Word for word, copy the data that follows and skip its pictures.

─── Data to process ───

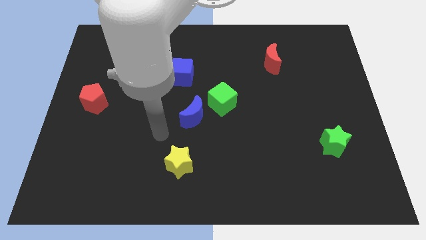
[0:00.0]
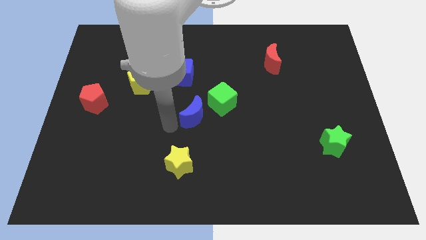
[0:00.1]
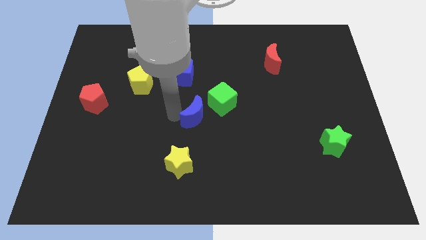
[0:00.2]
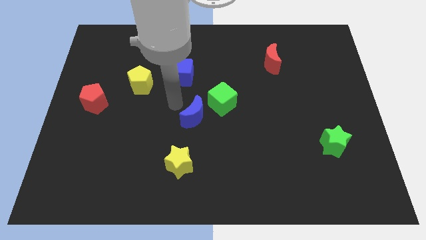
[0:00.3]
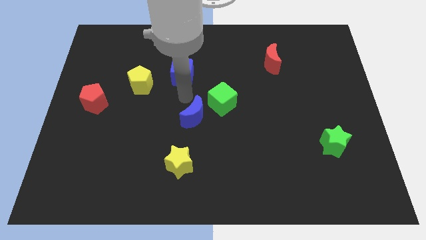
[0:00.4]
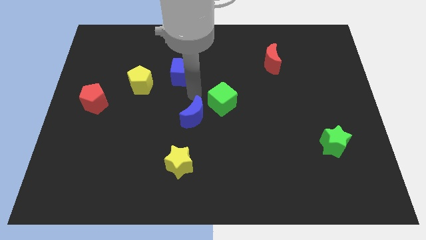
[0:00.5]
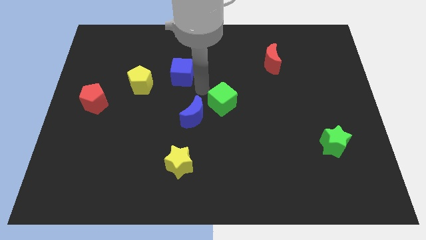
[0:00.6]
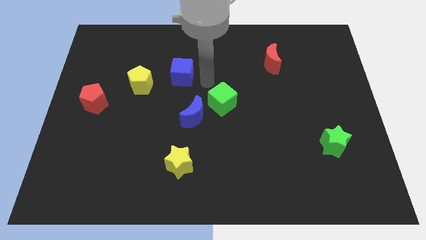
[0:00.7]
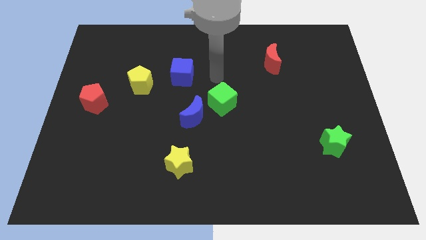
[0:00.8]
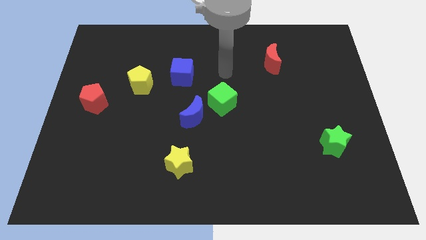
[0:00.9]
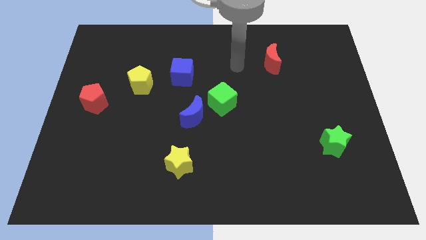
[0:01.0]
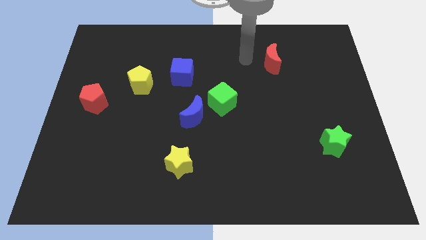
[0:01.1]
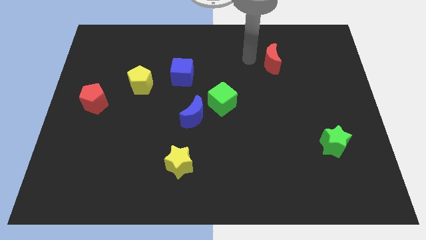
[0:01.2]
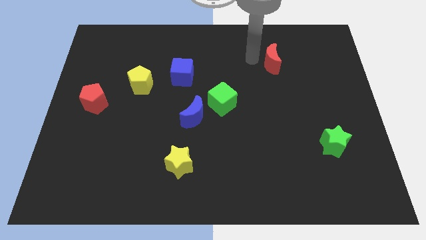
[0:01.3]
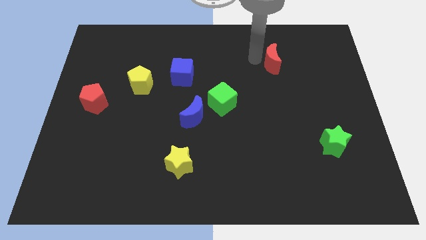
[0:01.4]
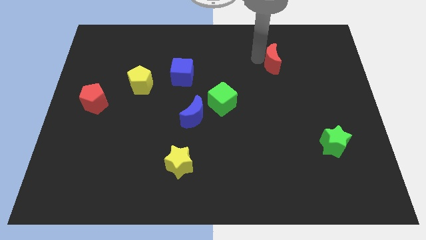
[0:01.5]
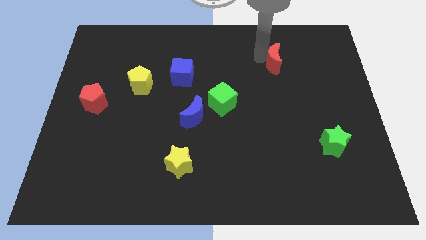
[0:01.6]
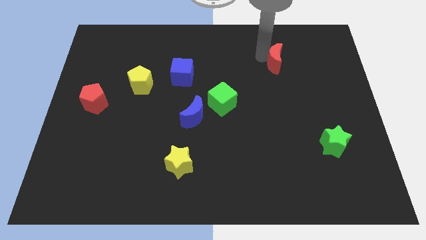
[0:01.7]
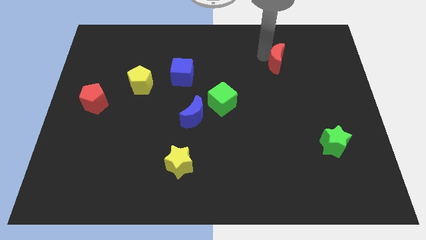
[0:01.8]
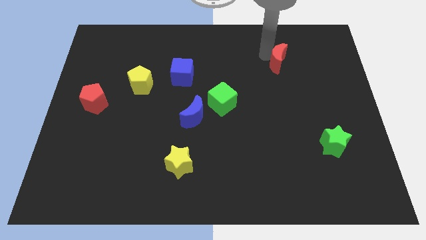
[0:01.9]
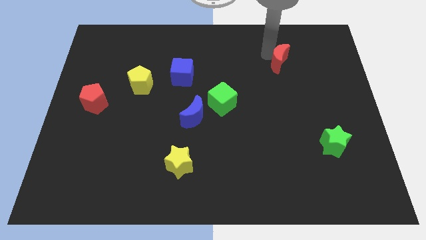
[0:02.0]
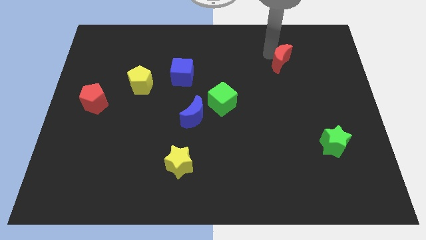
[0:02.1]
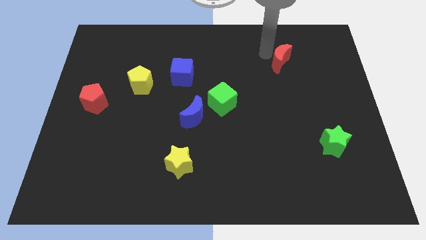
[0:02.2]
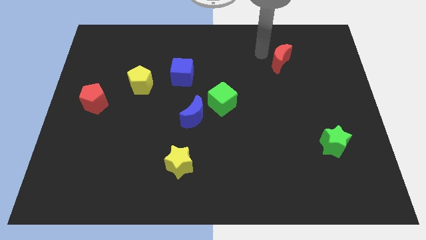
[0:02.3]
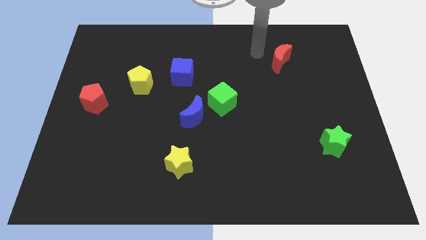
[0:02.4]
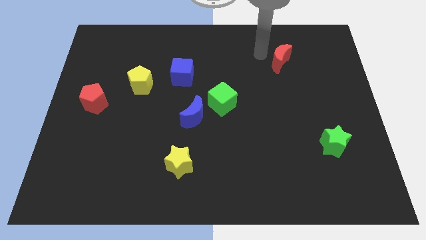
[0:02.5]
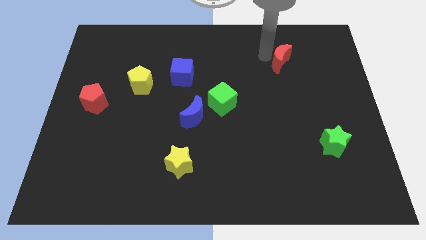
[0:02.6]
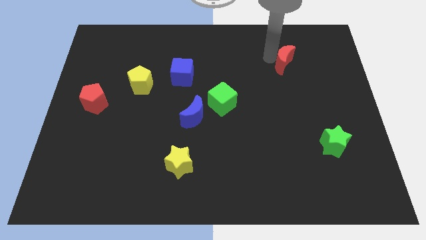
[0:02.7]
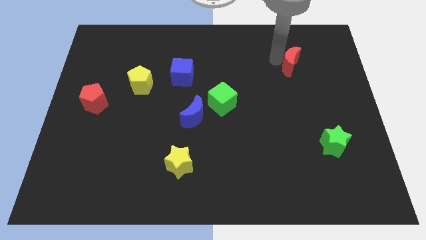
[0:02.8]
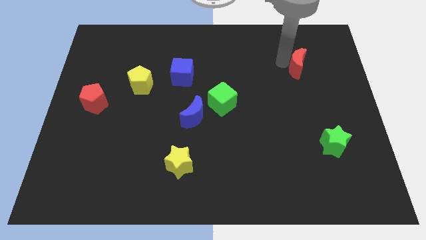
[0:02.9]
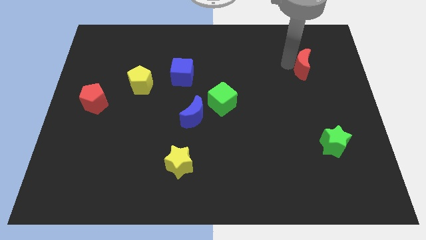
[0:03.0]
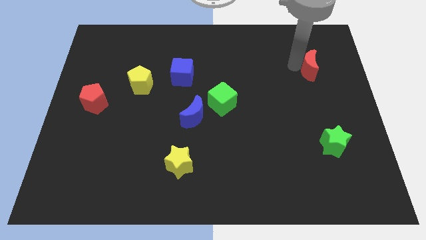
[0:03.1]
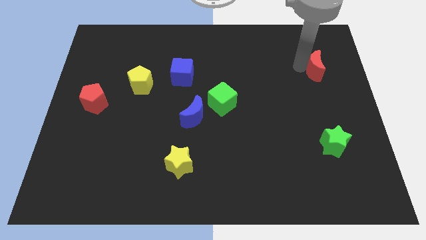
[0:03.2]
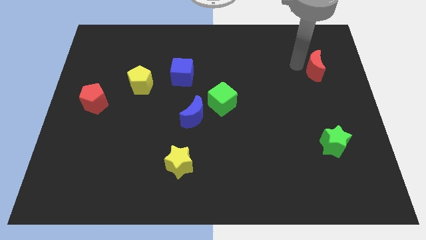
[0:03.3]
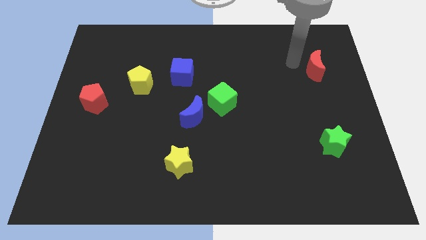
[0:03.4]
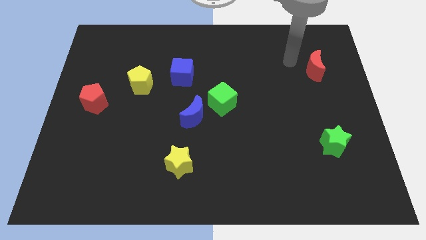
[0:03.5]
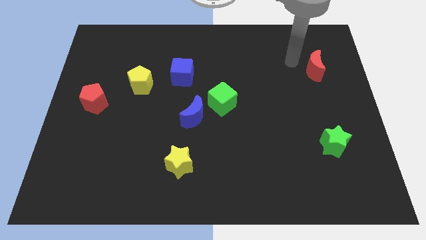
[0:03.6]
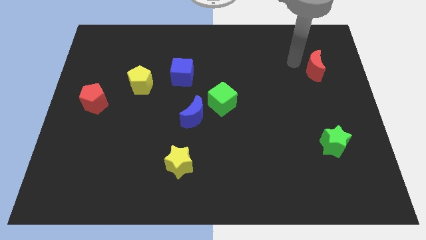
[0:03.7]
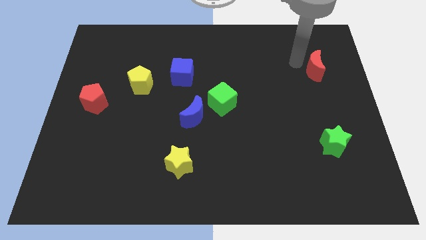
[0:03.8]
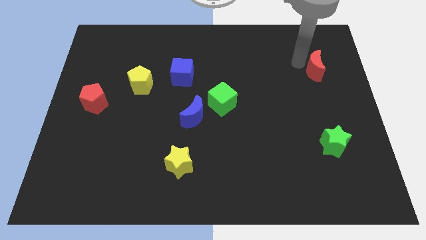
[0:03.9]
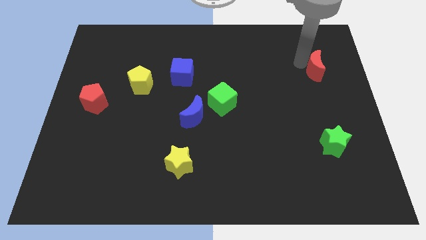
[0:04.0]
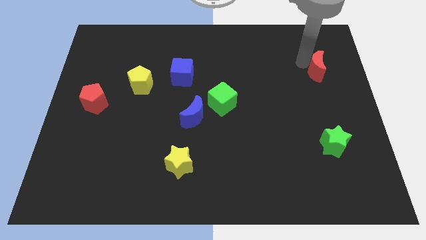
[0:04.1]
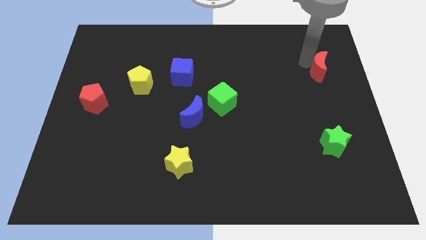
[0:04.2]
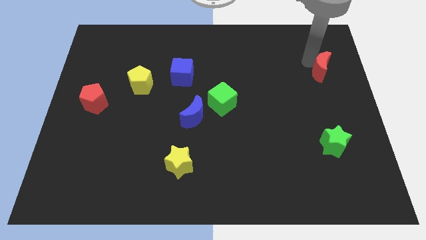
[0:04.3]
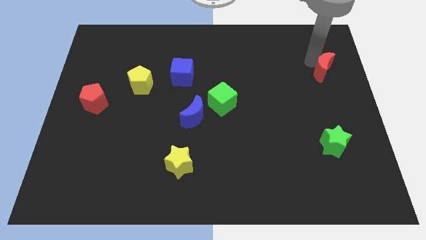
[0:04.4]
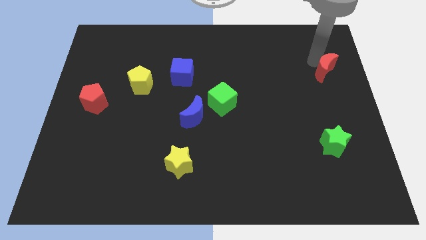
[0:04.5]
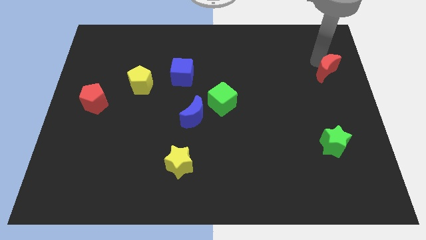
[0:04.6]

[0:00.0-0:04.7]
put the red moon to the center right

───

=== Reply to the task ===
[0:00.0]
[0:00.1]
[0:00.2]
[0:00.3]
[0:00.4]
[0:00.5]
[0:00.6]
[0:00.7]
[0:00.8]
[0:00.9]
[0:01.0]
[0:01.1]
[0:01.2]
[0:01.3]
[0:01.4]
[0:01.5]
[0:01.6]
[0:01.7]
[0:01.8]
[0:01.9]
[0:02.0]
[0:02.1]
[0:02.2]
[0:02.3]
[0:02.4]
[0:02.5]
[0:02.6]
[0:02.7]
[0:02.8]
[0:02.9]
[0:03.0]
[0:03.1]
[0:03.2]
[0:03.3]
[0:03.4]
[0:03.5]
[0:03.6]
[0:03.7]
[0:03.8]
[0:03.9]
[0:04.0]
[0:04.1]
[0:04.2]
[0:04.3]
[0:04.4]
[0:04.5]
[0:04.6]

[0:00.0-0:04.7]
put the red moon to the center right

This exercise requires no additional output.